2. The soft body respiratory assistance system of claim 1, wherein, The sensor unit includes: a respiratory flow meter, a barometric pressure sensor, a pressure sensor, and a flexible tensile sensor, wherein: The respiratory flow meter is installed at the mouth and nose of the human body; The flexible stretch sensor is wrapped around the human chest and abdomen; The pressure sensor is connected to the air bladder of the soft compression module via a tubing. The flexible stretch sensor is positioned between the soft pressing module and the human body, attached to the surface of the soft pressing module and in direct contact with the human body; The respiratory flow meter, air pressure sensor, pressure sensor, and flexible tensile sensor are connected to the analog-to-digital converter via data cables.
3. The soft respiratory assist system according to claim 1, characterized in that, The soft compression module includes an airbag, an air tube, a detachable vest, and Velcro, wherein: The airbags are fixed to the detachable vest in an array. The vest has four airbags symmetrically arranged on the chest for pressing the lower chest, and they are divided into two branches: two closer to the center line of the vest and two further away from the center line. The vest's abdomen is divided into three areas: left, middle, and right, with a total of five airbags, and they are divided into two branches: three in the middle area for pressing the middle part of the abdomen, and two in the left and right side areas for pressing the sides of the abdomen. Each airbag is connected to a flow proportional valve via an air tube, and airbags on the same branch share a single air tube.
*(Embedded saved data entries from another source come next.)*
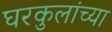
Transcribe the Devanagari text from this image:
घरकुलांच्या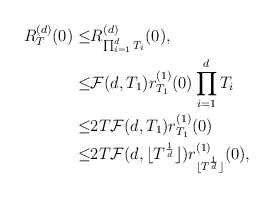
\begin{align*}R^{(d)}_T(0)\leq& R^{(d)}_{\prod_{i=1}^dT_i}(0),\\\leq&\mathcal{F}(d,T_1)r^{(1)}_{T_1}(0)\prod_{i=1}^{d}T_i\\\leq&2T\mathcal{F}(d,T_1)r^{(1)}_{T_1}(0)\\\leq&2T\mathcal{F}(d,\lfloor T^{\frac{1}{d}}\rfloor)r^{(1)}_{\lfloor T^{\frac{1}{d}}\rfloor}(0),\end{align*}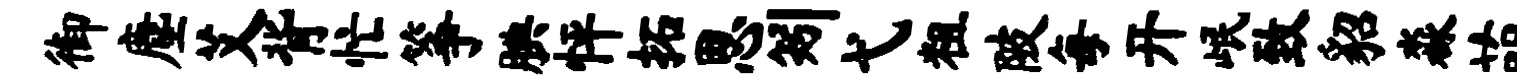
御麈艾背忙筝腆怦拓思矧弋粗陂每开岷致貂淼萌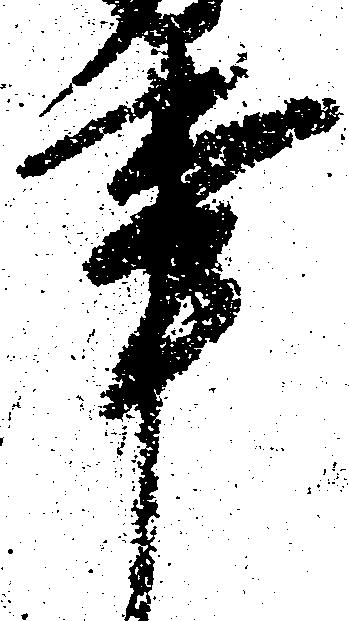
事
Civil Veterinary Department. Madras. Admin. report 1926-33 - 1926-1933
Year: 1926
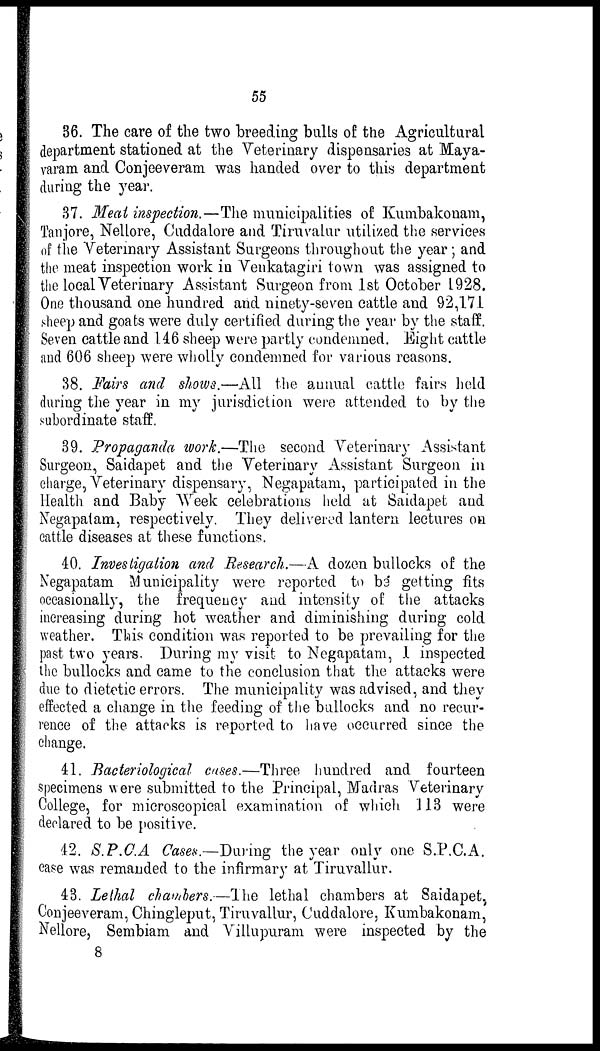
55
36. The care of the two breeding bulls of the Agricultural
department stationed at the Veterinary dispensaries at Maya-
varam and Conjeeveram was handed over to this department
during the year.
37. Meat inspection.—The municipalities of Kumbakonam,
Tanjore, Nellore, Cuddalore and Tiruvalur utilized the services
of the Veterinary Assistant Surgeons throughout the year; and
the meat inspection work in Veukatagiri town was assigned to
the local Veterinary Assistant Surgeon from 1st October 1928.
One thousand one hundred and ninety-seven cattle and 92,171
sheep and goats were duly certified during the year by the staff.
Seven cattle and 146 sheep were partly condemned. Eight cattle
and 606 sheep were wholly condemned for various reasons.
38. Fairs and shows.—All the annual cattle fairs held
during the year in my jurisdiction were attended to by the
subordinate staff.
39. Propaganda work,—The second Veterinary Assistant
Surgeon, Saidapet and the Veterinary Assistant Surgeon in
charge, Veterinary dispensary, Negapatam, participated in the
Health and Baby Week celebrations held at Saidapet and
Negapatam, respectively. They delivered lantern lectures on
cattle diseases at these functions.
40. Investigation and Research.—A dozen bullocks of the
Negapatam Municipality were reported to be getting fits
occasionally, the frequency and intensity of the attacks
increasing during hot weather and diminishing during cold
weather. This condition was reported to be prevailing for the
past two years. During my visit to Negapatam, 1 inspected
the bullocks and came to the conclusion that the attacks were
due to dietetic errors. The municipality was advised, and they
effected a change in the feeding of the bullocks and no recur-
rence of the attacks is reported to have occurred since the
change.
41. Bacteriological cases.—Three hundred and fourteen
specimens were submitted to the Principal, Madras Veterinary
College, for microscopical examination of which 113 were
declared to be positive.
42. S.P.C.A Cases.—During the year only one S.P.C.A.
case was remanded to the infirmary at Tiruvallur.
43. Lethal chambers.—The lethal chambers at Saidapet,
Conjeeveram, Chingleput, Tiruvallur, Cuddalore, Kumbakonam,
Nellore, Sembiam and Villupuram were inspected by the
8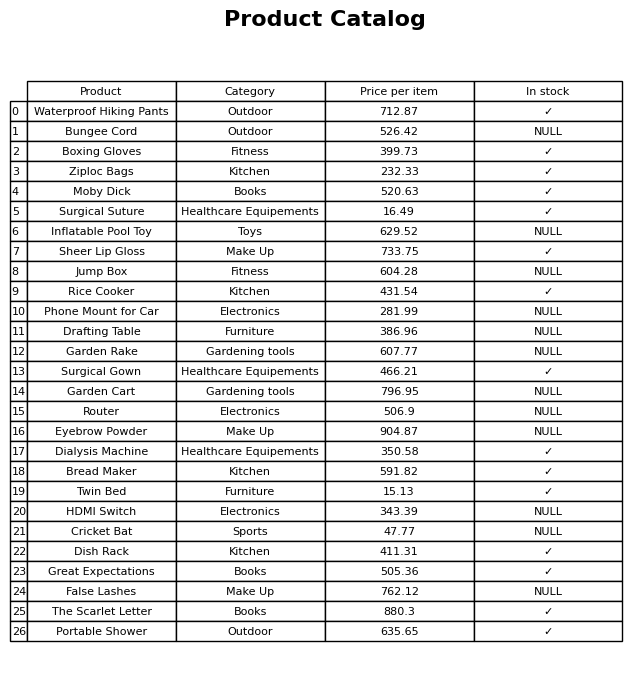
question: What is the price for Boxing Gloves?
answer: The price of Boxing Gloves is 399.73.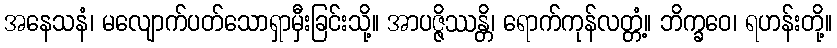
အနေသနံ၊ မလျောက်ပတ်သောရှာမှီးခြင်းသို့။ အာပဇ္ဇိဿန္တိ၊ ရောက်ကုန်လတ္တံ့။ ဘိက္ခဝေ၊ ရဟန်းတို့။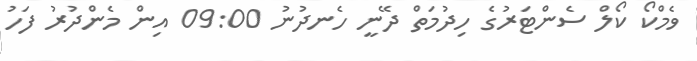
ވެމްކޯ ކޯލް ސެންޓަރުގެ ހިދުމަތް ދޭނީ ހެނދުނު 09:00 އިން މެންދުރު ފަހު

The vest's shoulders and sides are designed to be separate and connected with Velcro.
4. The soft body respiratory assistance system of claim 3, wherein, The airbag is made of TPU material and has a multi-layer design. Its thickness is 2mm when it is not inflated and up to 17cm when it is inflated.
5. The soft breathing assistance system of claim 2, wherein, The respiratory flow meter is connected to the IIC communication interface of the main controller via an analog-to-digital converter.
6. The soft breathing assistance system of claim 2, wherein, The pressure sensor is connected to the SPI communication interface of the main controller via an analog-to-digital converter.
7. The soft breathing assistance system of claim 2, wherein, The pressure sensor is connected to the UART serial port of the main controller via an analog-to-digital converter.